1. a kind of fluid system based on CFD technologies, including CPU module, CPU module, flash memory module and SSD solid state hard disc moulds Block, the CPU module are connected with CPU module, flash memory module respectively, and the SSD solid state hard discs module is connected with flash memory module, also Including signal input part and signal output part, the signal input part and signal output part be connected with flash memory module.

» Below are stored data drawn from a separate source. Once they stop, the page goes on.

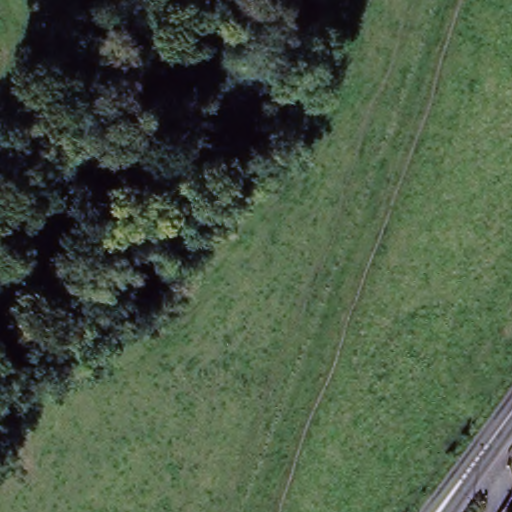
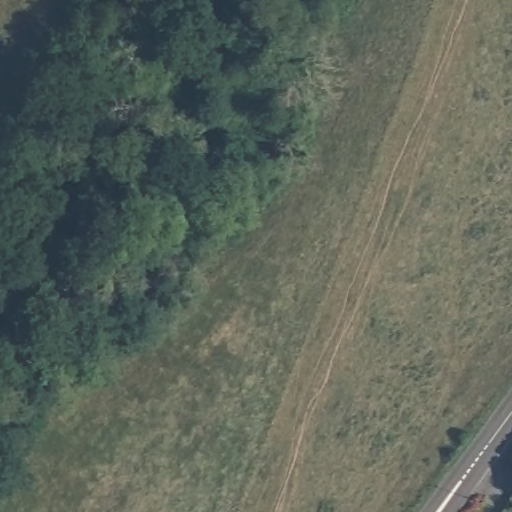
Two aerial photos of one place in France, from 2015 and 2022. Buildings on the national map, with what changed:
[]

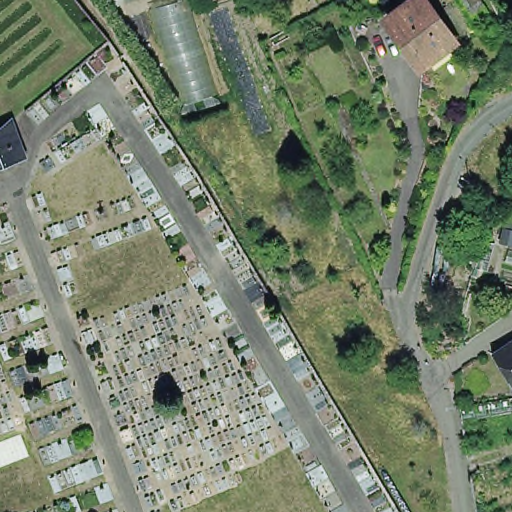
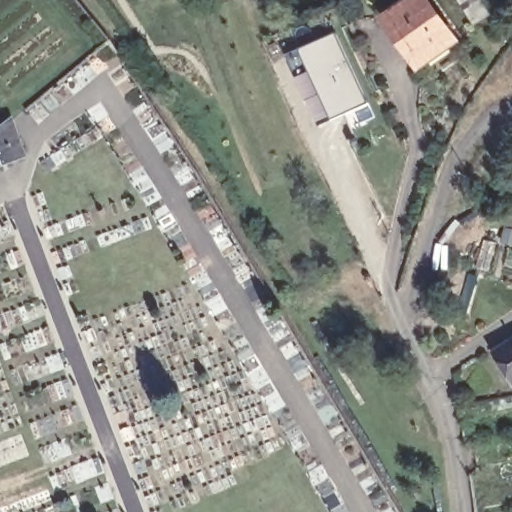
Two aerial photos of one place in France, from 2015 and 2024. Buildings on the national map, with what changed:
demolished [(121,0),(191,0),(225,104),(185,111),(146,2),(122,6),(121,0)]
unchanged [(209,0),(211,0),(209,1),(209,0)]
unchanged [(386,24),(420,0),(452,46),(420,70),(386,24)]
unchanged [(458,0),(479,0),(488,14),(473,24),(458,0)]
new [(300,50),(336,34),(370,104),(334,121),(320,127),(287,56),(300,50)]
unchanged [(11,121),(23,156),(0,166),(0,130),(6,125),(11,121)]
unchanged [(493,352),(512,341),(512,384),(493,352)]
unchanged [(460,405),(512,400),(512,413),(463,419),(460,405)]

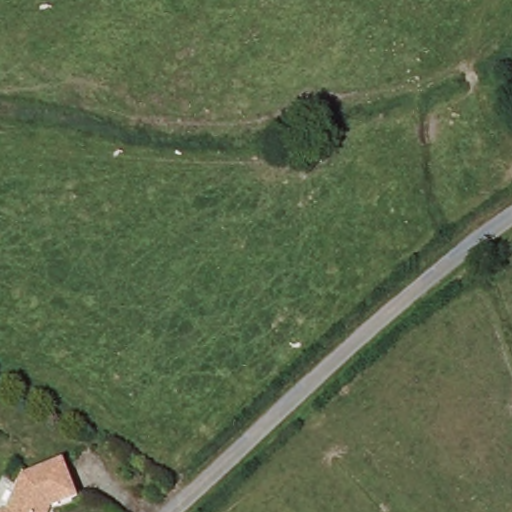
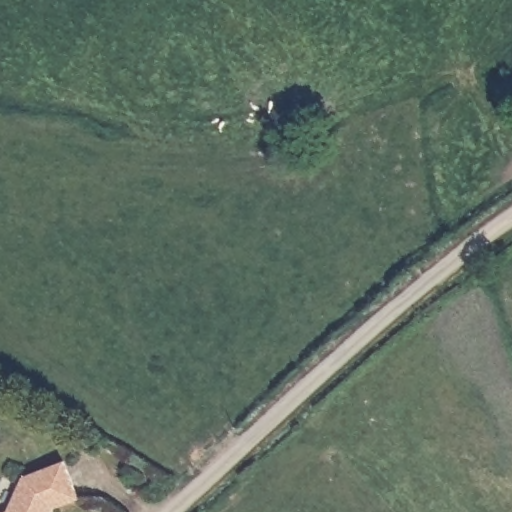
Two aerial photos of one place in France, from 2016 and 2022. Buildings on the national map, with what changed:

2. a kind of fluid design method based on CFD technologies, comprises the steps：

Step 1：Initiation parameter and distribution CPU and GPU memory headrooms；According to the particle density ρ in application scenarios, particle viscosity The reynolds number Re of ν and selection is initialized and is distributed CPU and GPU memory headrooms to parameter；Initiation parameter includes space speed Particle rapidity u=0.1, characteristic linearity L=1 in degree distributed model, parameter alpha 0=2 slack time, particle density distribution function f ={ fi=0 } i=0 ..., q-1, q are the direction numbers and equilibrium distribution function feq=of space velocity distributed model { fieq } i=0 ..., q-1 ,]]>Fieq=ρ ω i Π j=1d (2-1+uj2) (2uj+1+3uj21-uj) vi jv ,]]>Its In, d is space dimensionality, and uj=0 is the initial velocity value of jth dimension, and ω i are that Gauss-Hermiter integrates flexible strategy, 0<ωi<1, The value from 0 ,+1 or -1；With space velocity distributed model medium velocity array, Density Distribution array and balance density-of-states distribution Used as direction number, array type definition is floating type to the corresponding direction dimension size of array, and add up all direction numbers, with what is added up Direction number is multiplied by byte length distribution CPU and the GPU memory headrooms that the byte length of floating type array is obtained, i.e., to CPU and GPU The memory headroom size of distribution is the same；

Step 3：Distribution shared drive Shared memory spaces；It is big according to the distribution CPU or GPU memory headroom described in step 1 It is little that shared drive Shared memory spaces are allocated；

Step 4：Three functions are realized using nVIDIA GPU programming language CUDA；1) H- α solvers function；The function is defined as Equipment end function, modifier are _ _ device___, will be called at equipment GPU ends, and are run on equipment, for adjustment and Calculate parameter alpha slack time；It is as follows using Taylor's One step development method computing formula：α=α *-F (α *) F ' (α *)]]>Wherein, F (α)=H (f+ α Δs)-H (f), α * be front once calculated α, α initial values be α 0, fi (x, t) be designated as fi, x and t difference table Show the iteration time that particle and the particle in space are located, fi (x, t) is grain of the particle under iteration time t in position x Sub- probit, F ' (α *) are that F (α *) carries out derivation to α *；2) propagate collision kernel function；The function is defined as equipment end function, Modifier is _ _ global__, will be called at host CPU end, runs on equipment GPU；3) BORDER PROCESSING kernel function；Should Function is defined as equipment end function, and modifier is _ _ global__, will be called at host CPU end, runs on equipment GPU； The modifier is the affiliated type for arranging function；

Step 5：According to the iterationses of the required precision and setting of setting, in each iterative process, invocation step 4 is real successively Three existing functions, calculate density function values fi and equilibrium state density function values until the difference of result of calculation twice in front and back Meet required precision or reach iterationses, iteration terminates；

Step 6：After iteration terminates, by 5 calculated density function values and equilibrium density the step of storage in GPU global memories Functional value is transferred to CPU internal memories, and discharges GPU memory headrooms；

Step 7：According to density function values and equilibrium density functional value, isoline of stream function is obtained using paraview softwares Figure, while discharging host memory space, completes parallel flow calculating.